The same thing goes for the images; because we've got this particular column set up for an image based column, you'll notice here that we've actually got our images, but they're just currently a square. Because our ratio of the images are different, what we can do is we can go up to the component level and in the table header cell, I'm just going to unhide the image. There's a hidden image shape layer there and that's just the component layer for our posters or for our images. What we can do if we want to change the image size for all of our rows is we can just adjust this layer in the component, so I can make that taller and just change the ratio of that. Now we can see it's looking much more like a movie poster, and once you're happy with that you can then just hide that image layer again because it's a component layer and we only want to use the header for the labels; we don't want to have the image layer in the actual heading, but you can obviously just turn that on and off when you need to adjust it.
That's what that looks like there and we can also adjust the width of the table itself. You can see here it's quite responsive as far as the widths go, and again, if you want to then re-adjust these you can just go into the header component and you can adjust each column's width as well. You've got the option of adjusting it at the column level and also adjusting the width at the parent level, and you can change that width yourself.
It also automatically includes strokes; because it's got a table row set up it automatically includes a stroke option turned on by default. You can change the color of that here if you want to make those lines darker or lighter, you can do that. If you want to hide them entirely, just click on the little "Hide" icon, and again, I'm just doing this this on the table header component. If you click on the table header component you'll see the stroke properties on the right hand side, you can just turn those on and off, or you can change the styling, and you can increase that or decrease it as well; for now I'm just going to leave it invisible.
That's basically it; you can use this to import any tables from your Google Sheets to Figma. It's always going to work much better if you're just using a simple table like this, if you start getting fancy with other kinds of layouts in your template, it's probably not going to work as well. I'd recommend just keeping it very simple, this is a standard spreadsheet table using the first row as your header, so you want to put all the all of your labels into there and then just using the other row elements as your content. If you do need images, as I said, just paste in an image URL or an image link and that will automatically be downloaded and imported into your Figma table as well from the Google Sheet.

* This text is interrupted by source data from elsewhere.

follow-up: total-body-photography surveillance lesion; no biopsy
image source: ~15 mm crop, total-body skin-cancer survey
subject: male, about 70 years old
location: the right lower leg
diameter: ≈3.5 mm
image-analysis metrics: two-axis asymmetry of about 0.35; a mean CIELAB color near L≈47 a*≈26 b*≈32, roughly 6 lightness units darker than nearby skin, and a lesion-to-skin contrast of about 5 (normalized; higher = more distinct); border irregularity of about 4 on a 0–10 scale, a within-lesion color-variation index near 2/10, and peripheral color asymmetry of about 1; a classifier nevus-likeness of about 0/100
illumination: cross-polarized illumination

I think we'll leave it there for today, I don't want to make it too complicated. It's a pretty simple Figma tutorial, I just wanted to show you how to automatically get any table content from a Google Sheet that you might have set up and automatically import that into a Figma file, which can be handy if you're working with large data tables and collaborating in Google Docs or Google Sheets, but you also need that content synced up with Figma as a responsive table, this is going to be the quickest way to go about it. We'll leave it there for today; thank you as always for watching, and we'll be back soon with more Figma tutorials like this one very soon.